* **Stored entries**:
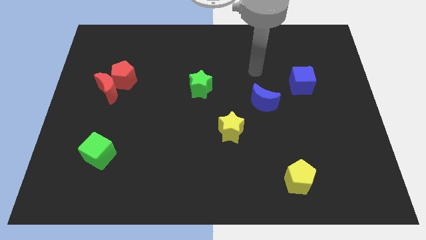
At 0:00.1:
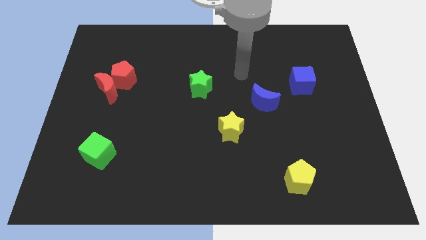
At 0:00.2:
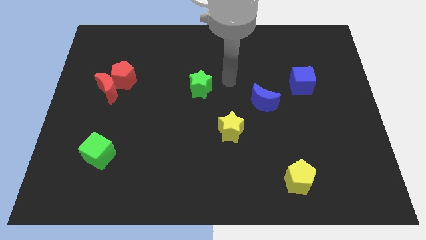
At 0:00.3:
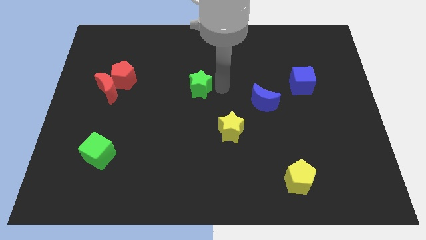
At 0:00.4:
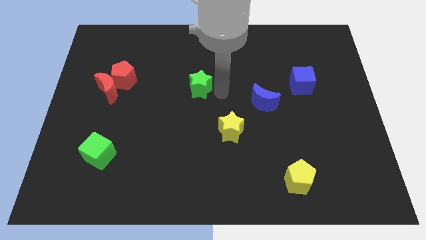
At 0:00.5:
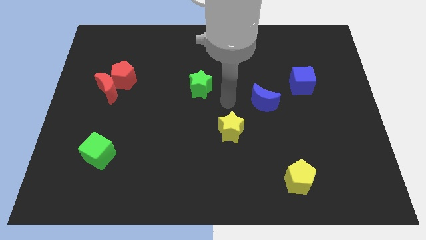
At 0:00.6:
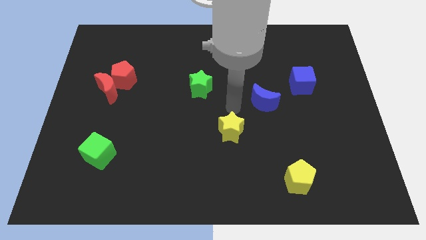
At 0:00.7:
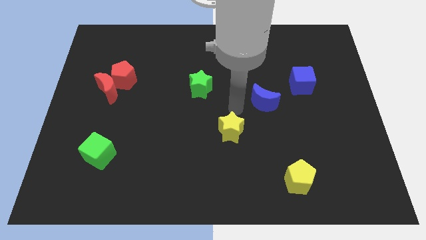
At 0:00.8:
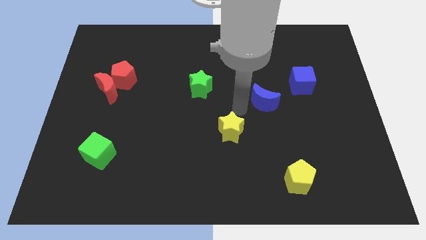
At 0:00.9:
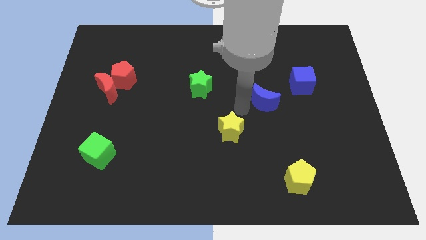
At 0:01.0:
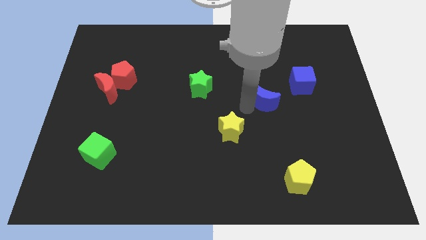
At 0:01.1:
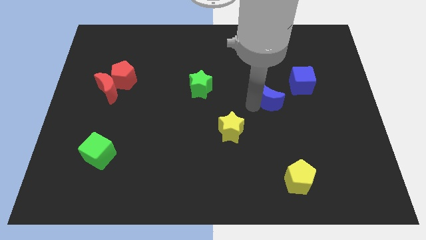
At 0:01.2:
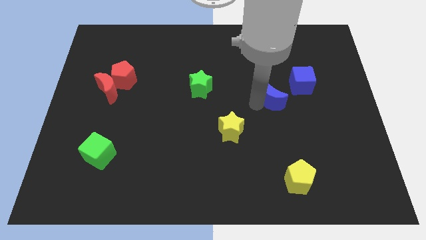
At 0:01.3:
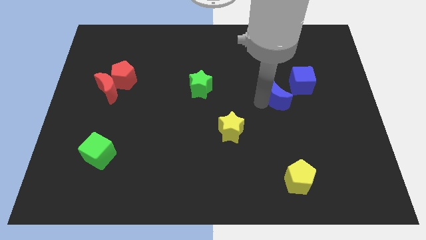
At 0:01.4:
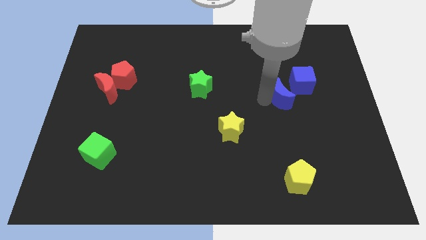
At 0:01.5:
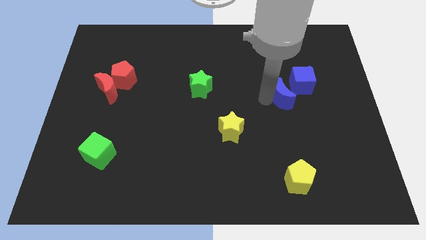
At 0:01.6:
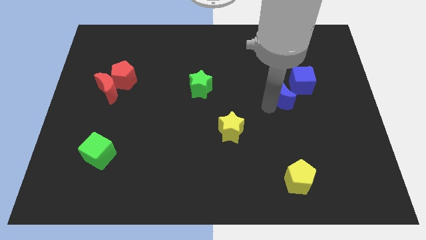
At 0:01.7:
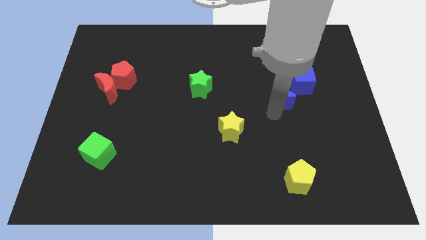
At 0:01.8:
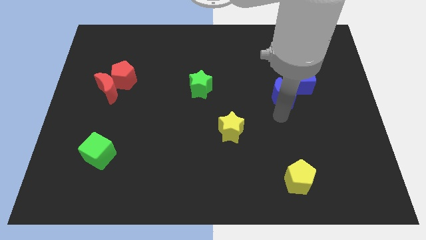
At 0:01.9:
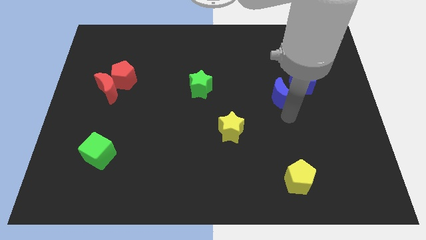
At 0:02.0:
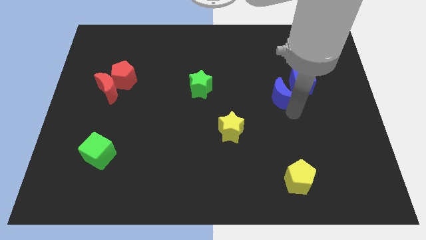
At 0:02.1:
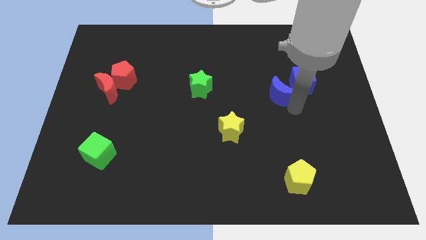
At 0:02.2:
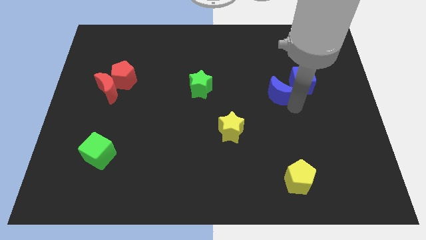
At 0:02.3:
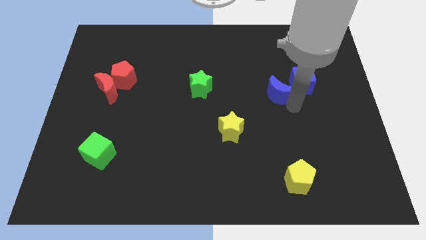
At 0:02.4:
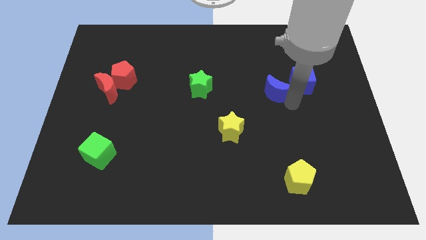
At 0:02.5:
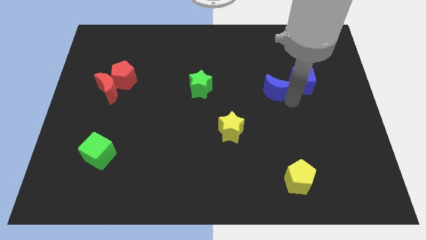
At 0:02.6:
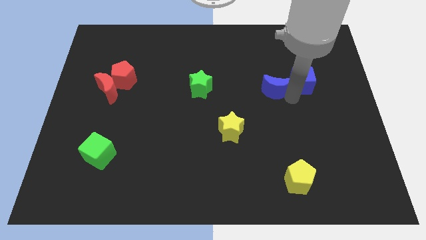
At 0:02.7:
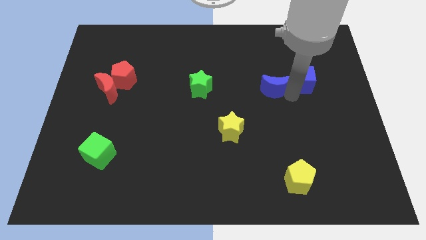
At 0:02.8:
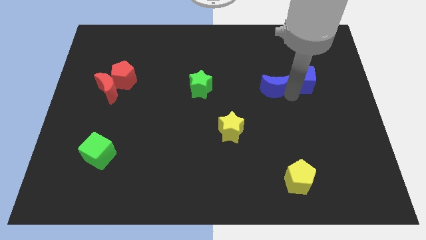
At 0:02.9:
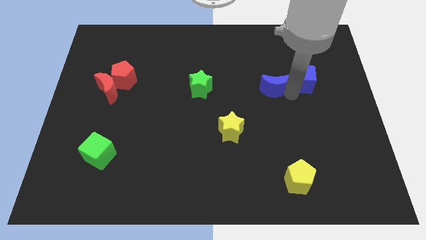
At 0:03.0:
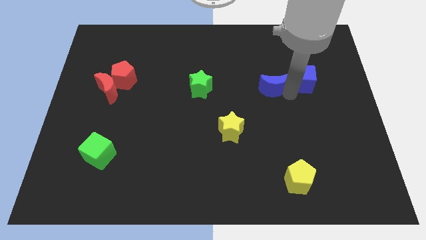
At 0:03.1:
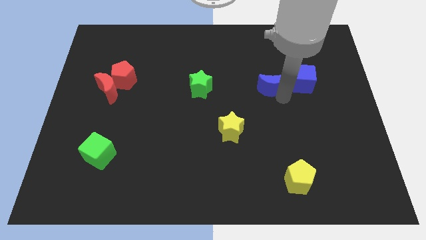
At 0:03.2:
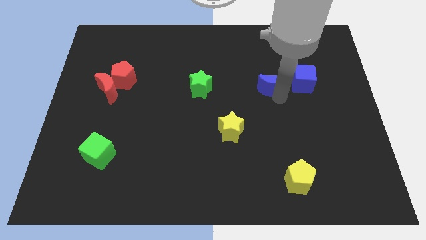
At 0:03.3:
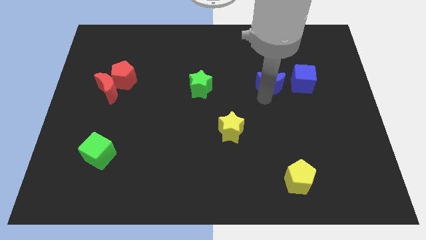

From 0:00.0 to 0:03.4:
place blue moon to the left of blue cube

* **PROBLEM**: Each entry above is to be given again exactly, and any image in it is to be dropped.

* **PROBLEM SOLUTION**:
At 0:00.1:
At 0:00.2:
At 0:00.3:
At 0:00.4:
At 0:00.5:
At 0:00.6:
At 0:00.7:
At 0:00.8:
At 0:00.9:
At 0:01.0:
At 0:01.1:
At 0:01.2:
At 0:01.3:
At 0:01.4:
At 0:01.5:
At 0:01.6:
At 0:01.7:
At 0:01.8:
At 0:01.9:
At 0:02.0:
At 0:02.1:
At 0:02.2:
At 0:02.3:
At 0:02.4:
At 0:02.5:
At 0:02.6:
At 0:02.7:
At 0:02.8:
At 0:02.9:
At 0:03.0:
At 0:03.1:
At 0:03.2:
At 0:03.3:

From 0:00.0 to 0:03.4:
place blue moon to the left of blue cube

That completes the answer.